Open itsa-mee-mario opened 1 year ago
I think you might have an older version of the code. I don't see that line in the current person.py
Can you provide the code you've used please?
I think profile scraping just doesn't work right now since person.py hasn't been updated in two months. LinkedIn probably changed some of their HTML schema so hopefully a new commit is released soon.
Hey - I only updated two functions as I needed: get_experiences() and get_name_and_location(). In addition to UI updates I also fixed the scraper issue where it gets confused when a person has multiple positions at the same company over time.
You can selectively scrape by doing this: person=Person("https://www.linkedin.com/in/sheanahamill", driver=driver, scrape=False) person.get_experiences() print(person.experiences)

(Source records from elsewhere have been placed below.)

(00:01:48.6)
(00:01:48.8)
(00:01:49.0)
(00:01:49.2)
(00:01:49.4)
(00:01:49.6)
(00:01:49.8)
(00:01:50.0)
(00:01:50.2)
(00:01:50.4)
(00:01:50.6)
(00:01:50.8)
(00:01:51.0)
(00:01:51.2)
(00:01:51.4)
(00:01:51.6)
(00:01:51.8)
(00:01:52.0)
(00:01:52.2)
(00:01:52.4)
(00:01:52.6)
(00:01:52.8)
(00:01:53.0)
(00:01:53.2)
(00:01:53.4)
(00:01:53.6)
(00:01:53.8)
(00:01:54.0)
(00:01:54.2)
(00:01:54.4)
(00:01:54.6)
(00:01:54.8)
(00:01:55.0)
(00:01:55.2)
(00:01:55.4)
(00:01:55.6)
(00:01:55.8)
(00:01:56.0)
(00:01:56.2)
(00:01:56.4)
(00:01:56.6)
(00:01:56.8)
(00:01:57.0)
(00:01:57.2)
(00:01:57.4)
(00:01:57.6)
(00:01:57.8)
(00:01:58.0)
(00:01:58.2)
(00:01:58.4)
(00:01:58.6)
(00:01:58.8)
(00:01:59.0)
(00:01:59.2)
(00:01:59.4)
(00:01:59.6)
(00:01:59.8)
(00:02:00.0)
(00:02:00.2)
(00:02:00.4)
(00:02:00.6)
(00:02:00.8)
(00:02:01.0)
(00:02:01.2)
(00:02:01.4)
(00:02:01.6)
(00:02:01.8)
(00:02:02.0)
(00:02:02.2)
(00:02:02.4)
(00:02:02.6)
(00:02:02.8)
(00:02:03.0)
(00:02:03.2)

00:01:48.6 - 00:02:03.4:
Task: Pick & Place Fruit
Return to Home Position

def get_name_and_location(self):
main = self.wait_for_element_to_load(by=By.TAG_NAME, name="main")
top_panels = main.find_elements(By.CLASS_NAME,"pv-text-details__left-panel")

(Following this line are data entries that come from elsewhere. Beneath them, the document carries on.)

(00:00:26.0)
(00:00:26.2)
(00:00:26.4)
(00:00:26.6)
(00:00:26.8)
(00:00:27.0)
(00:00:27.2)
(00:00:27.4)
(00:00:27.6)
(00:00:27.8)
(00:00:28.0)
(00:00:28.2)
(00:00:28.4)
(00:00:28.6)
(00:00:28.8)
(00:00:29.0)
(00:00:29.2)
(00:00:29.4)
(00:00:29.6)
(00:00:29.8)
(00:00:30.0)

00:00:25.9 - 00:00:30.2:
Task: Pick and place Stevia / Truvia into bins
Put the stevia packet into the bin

self.name = top_panels[0].find_elements(By.XPATH,"*")[0].text
self.location = top_panels[1].find_element(By.TAG_NAME,"span").text
def get_experiences(self): # modified
url = os.path.join(self.linkedin_url, "details/experience")
self.driver.get(url)
self.focus()
main = self.wait_for_element_to_load(by=By.TAG_NAME, name="main")
self.scroll_to_half()
self.scroll_to_bottom()
main_list = self.wait_for_element_to_load(name="pvs-list", base=main)
for position in main_list.find_elements(By.XPATH,"li"):
position = position.find_element(By.CLASS_NAME,"pvs-entity")

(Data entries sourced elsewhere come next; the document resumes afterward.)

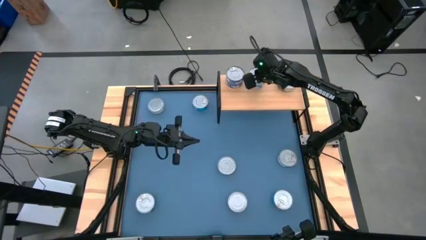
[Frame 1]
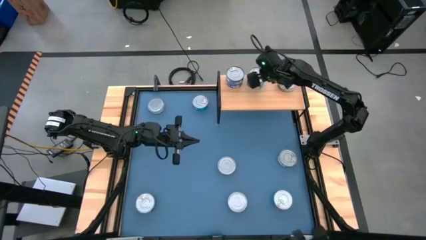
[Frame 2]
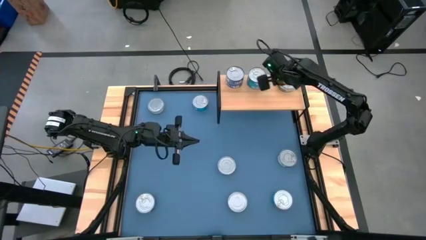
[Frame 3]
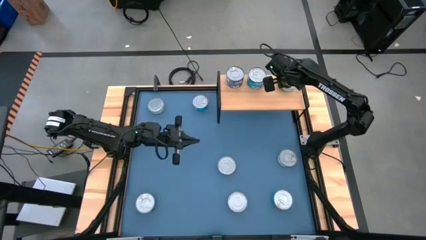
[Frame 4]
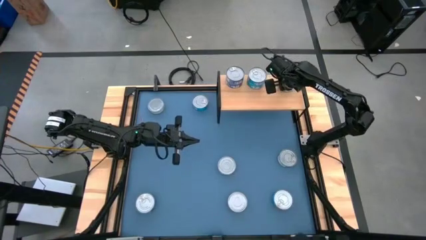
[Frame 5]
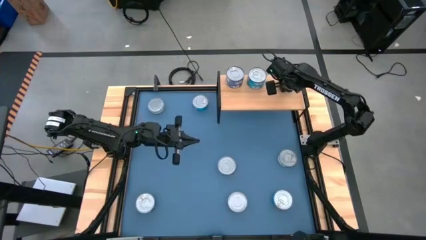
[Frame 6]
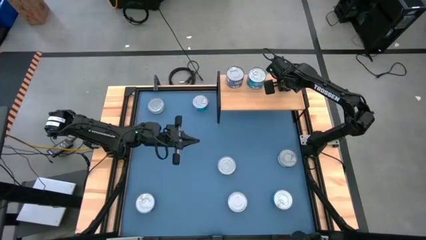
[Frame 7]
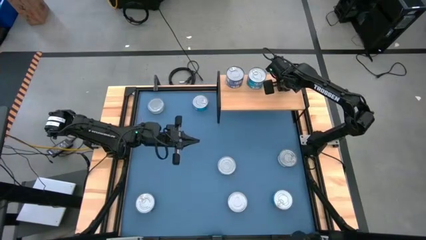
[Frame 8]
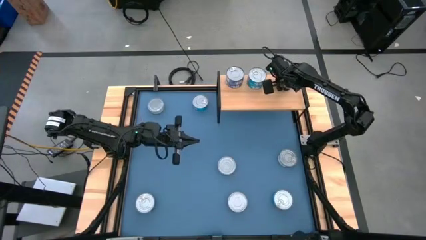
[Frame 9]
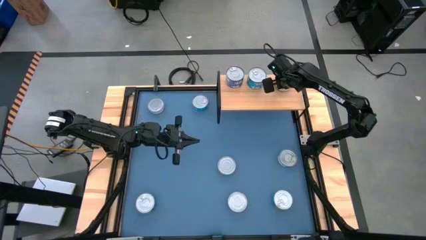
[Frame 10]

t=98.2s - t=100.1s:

company_logo_elem, position_details = position.find_elements(By.XPATH,"*")
# company elem
company_linkedin_url = company_logo_elem.find_element(By.XPATH,"*").get_attribute("href")
# position details
position_details_list = position_details.find_elements(By.XPATH,"*")
position_summary_details = position_details_list[0] if len(position_details_list) > 0 else None
position_summary_text = position_details_list[1] if len(position_details_list) > 1 else None # skills OR list of positions
outer_positions = position_summary_details.find_element(By.XPATH,"*").find_elements(By.XPATH,"*")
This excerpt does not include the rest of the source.